When Talbot arrives, she is shocked at first, since he is small of stature:

It cannot be this weak and writhled* shrimp      *[wrinkled]
Should strike such terror to his enemies.

Talbot turns away, looking for proof of his identity. But when the messenger detain him, he insists that he is indeed Talbot. Upon which the Countess of Auvergne tells him that he is now her prisoner:

Long time thy shadow hath been thrall to me,
For in my gallery thy picture hangs:
But now the substance shall endure the like.
And I will chain these legs and arms of thine,
That hast by tyranny, these many years,
Wasted our country, slain our citizens,
And sent our sons and husbands captivate.

Talbot laughs uproariously. He and the Countess exchange words. Like Schrödinger's cat (if Schrödinger's cat could have spoken) he tells her: "You are deceiv'd, my substance is not here [...]"

The Countess exclaims, bemused,

This is a riddling merchant for the nonce;
He will be here, and yet he is not here:
How can these contrarieties agree?

Her English guest solves the riddle: he winds his horn. At this signal, English soldiers burst through the doors. Lord Talbot is free.

His hostess apologizes profusely.

Victorious Talbot! pardon my abuse:
I find thou art no less than fame hath bruited,
And more than may be gather'd by thy shape.
Let my presumption not provoke thy wrath;
For I am sorry that with reverence
I did not entertain thee as thou art.

Talbot responds, "Be not dismay'd, fair lady [...]",

What you have done hath not offended me;
Nor other satisfaction do I crave,
But only, with your patience, that we may
Taste of your wine and see what cates* you have;     [food]

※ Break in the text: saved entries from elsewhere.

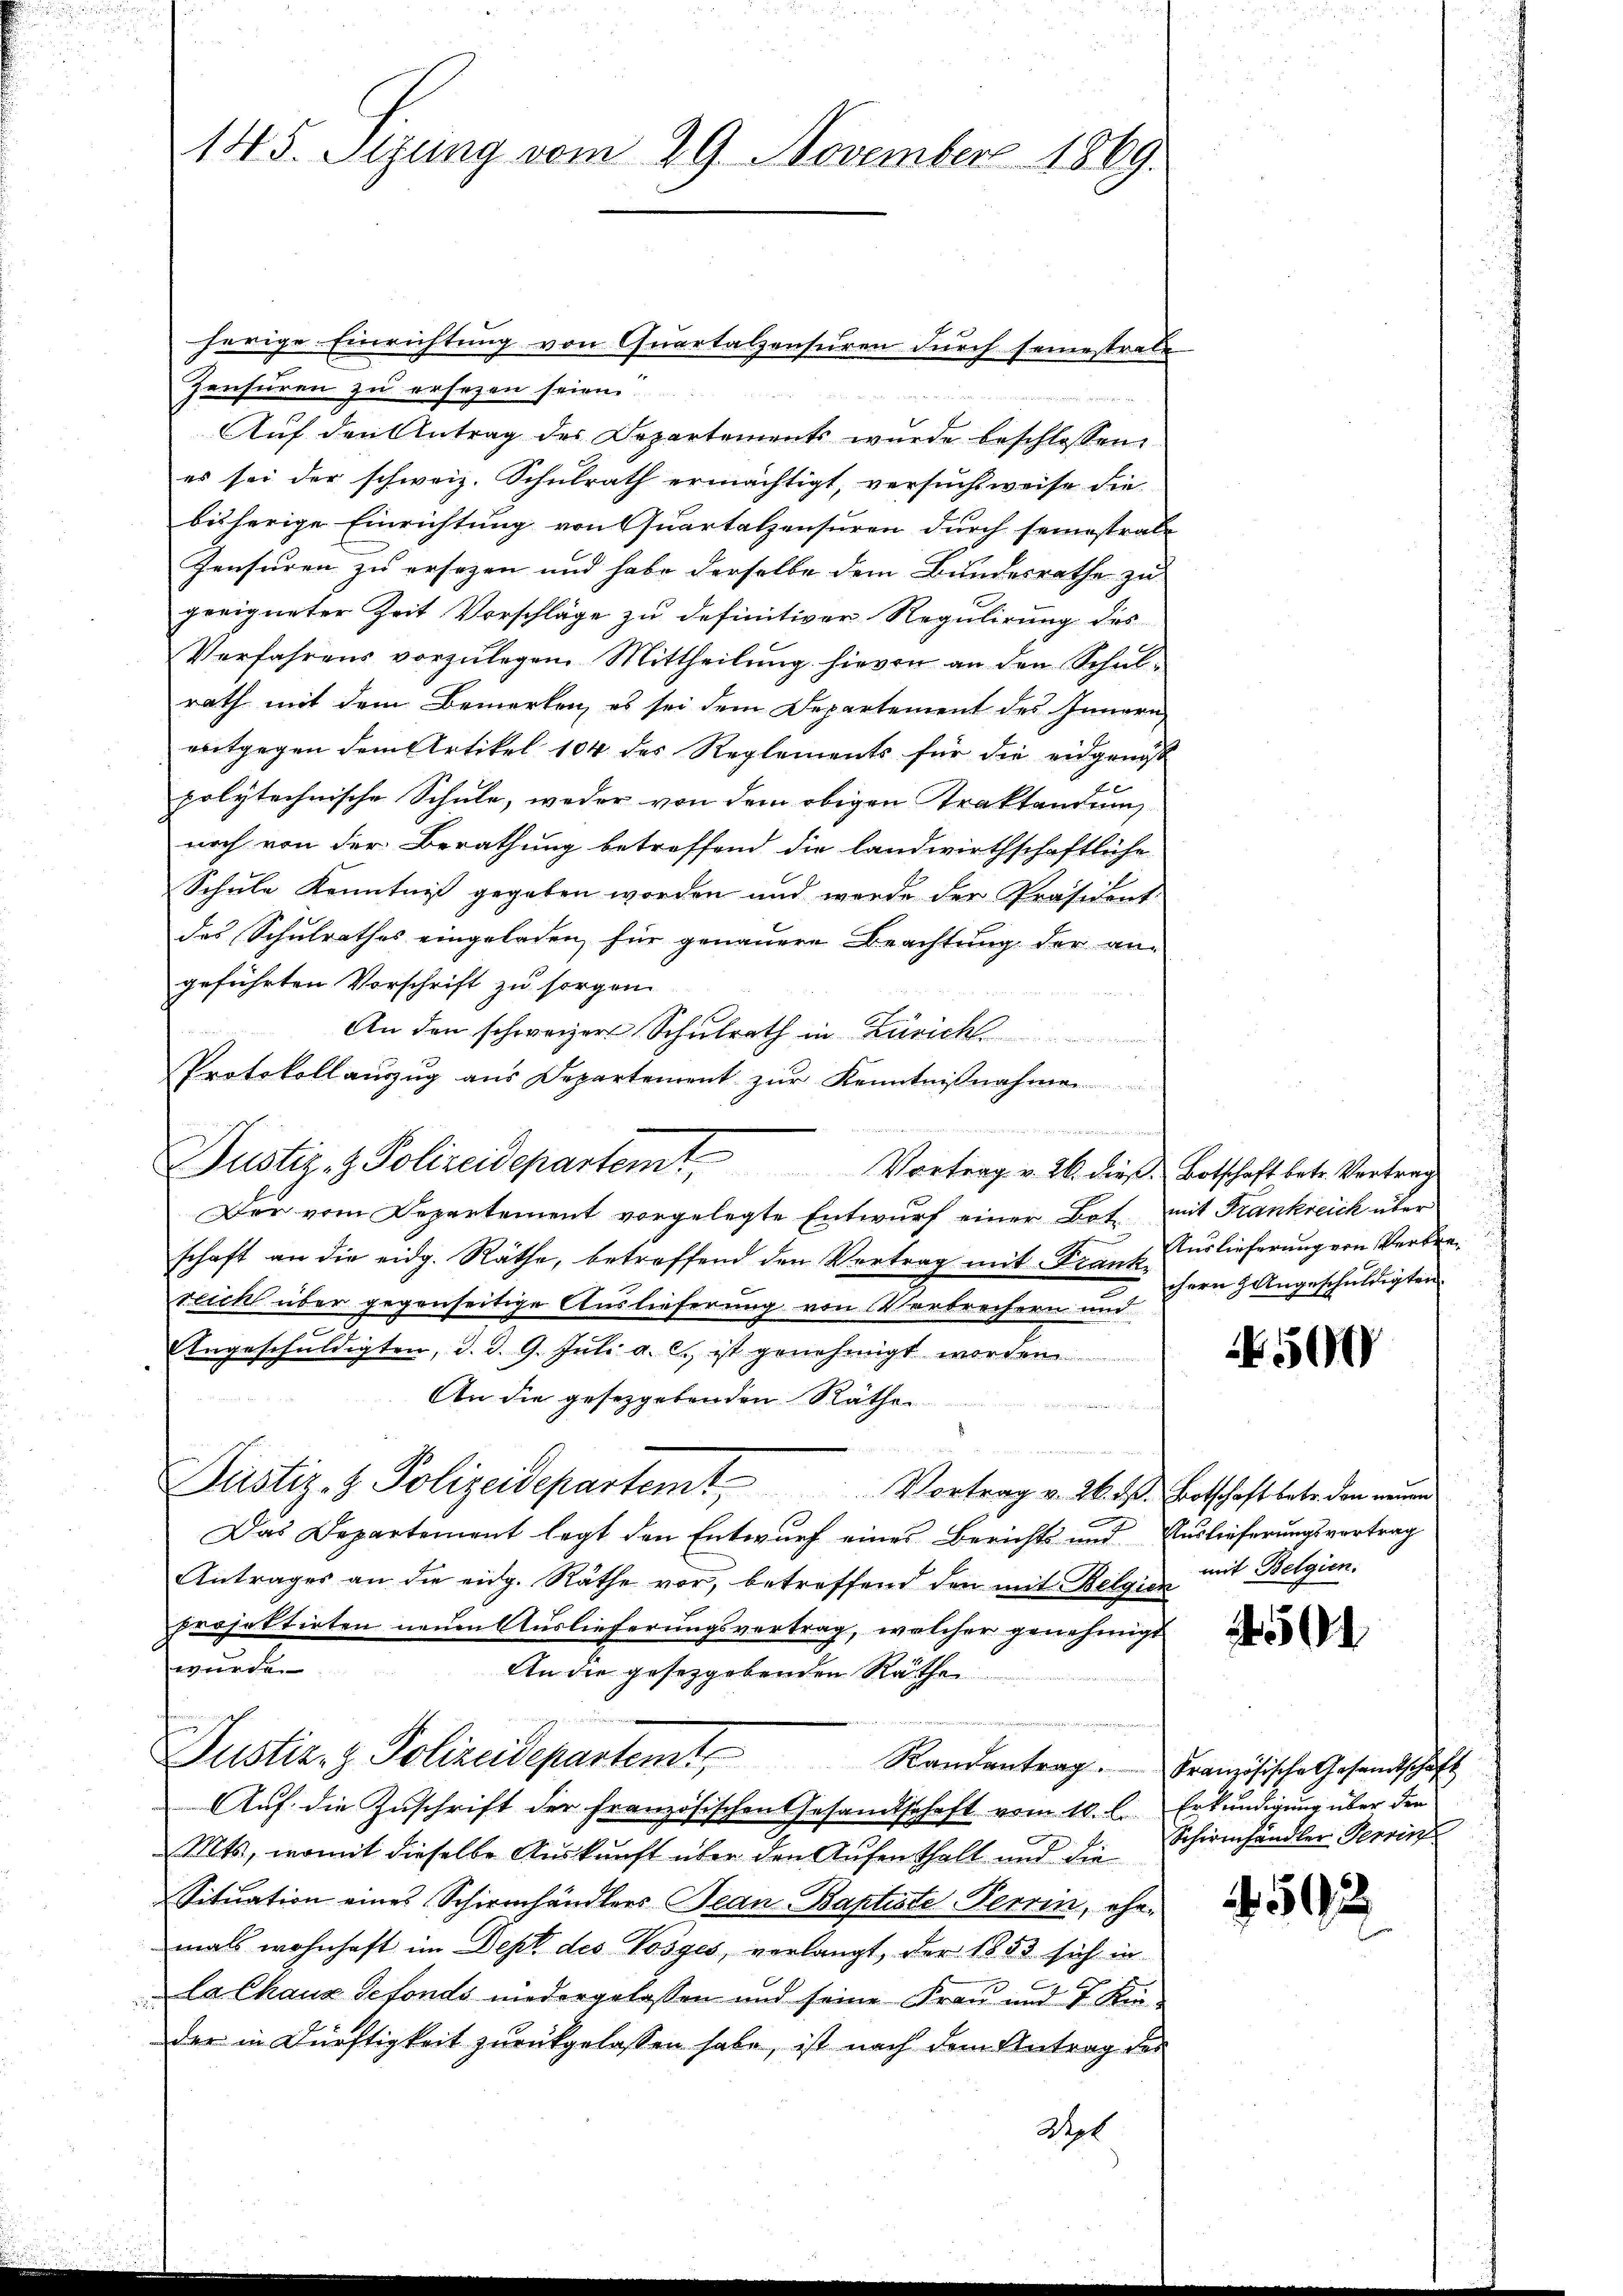
145. Sizung vom 29. November 1869.

herige Einrichtung von Quartalzensuren durch seinestrabe
Zensuren zu ersezen seien
Auf den Antrag des Departements wurde beschlossen:
es sei der schweiz. Schulrath ermächtigt, versuchsweise die
bisherige Einrichtung von Quartalzensuren durch seinestrate
Zensuren zu ersezen und habe derselbe dem Bundesrathe zu
geeigneter Zeit Vorschläge zu definitiver Regulirung des
Verfahrens vorzulegen. Mittheilung hievon an den Schul-
rath mit dem Bemerken, es sei dem Departement des Innern
entgegen dem Artikel 104 des Reglements für die eidgenöß
polytechnische Schule, weder von dem obigen Traktandung
noch von der Berathung betreffend die landwirthschaftliche
Schule Kenntniß gegeben worden und werde der Präsident
des Schulrathes eingeladen, für genauere Beachtung der an-
geführten Vorschrift zu sorgen.
An den schweizer Schulrath in Zürich
Protokollaŭszŭg aŭs Departement zŭr Kenntnißnahme

Der vom Departement vorgelegte Entwurf einer Bot. mit Frankreich über
schaft an die eidg. Räthe, betreffend den Vertrag mit Krant Auslieferung von Verbrereicht über gegenseitige Auslieferung von Verbrechern und
n
Angeschuldigten, d. d. 9. Juli a. c. ist genehmigt worden
An die gesetzgebenden Räthe.
Justiz- & Polizeidepartem Vortrag v. 26. ds. Botschaftete den neuen
Das Departement legt den Entwurf eines Berichts und Auslieferungsvortrag
Antrages an die eidg. Räthe vor, betreffend den mit Belgien mit Belgien,
projektirten neuen Auslieferungsvertrag, welcher genehmigt
wurden
An die gesetzgebenden Räthe
Justiz- & Polizeidepartemt,
Randantrag. Französische Gesandtschaft
Auf die Zuschrift der französischen Gesandtschaft vom 10. l. Erkundigung über den
Mts, womit dieselbe Auskunft über den Aufenthalt und die
Situation eines Schirmhändlers Tean-Baptiste Perrin, ehemals wohnhaft im Dept des Vorges, verlangt, der 1853 sich in
la Chaux defonds niedergelassen und seine Frau und 7 Kinder in Dürftigkeit zurückgelassen habe, ist nach dem Antrag des
Wyl

Justiz- & Polizeidepartem Vortrag v. 26. dieß Botschaft betr. Vertrag

chern Angeschuldigten.

500

50

Schirenhändler Perrin

592

Delighted, the Countess of Auvergne lets bygones be bygones:

With all my heart, and think me honoured
To feast so great a warrior in my house.

(As the Countess had likely invested years into wishing for his downfall and weeks plotting the details, this about-face is a little sudden. But I guess she was happy to be alive?)

***

Historical Note: In real life, Lord Talbot appears to have been a disagreeable fellow, also one of many English sent to Ireland on his government's behalf to make the local population's life a misery.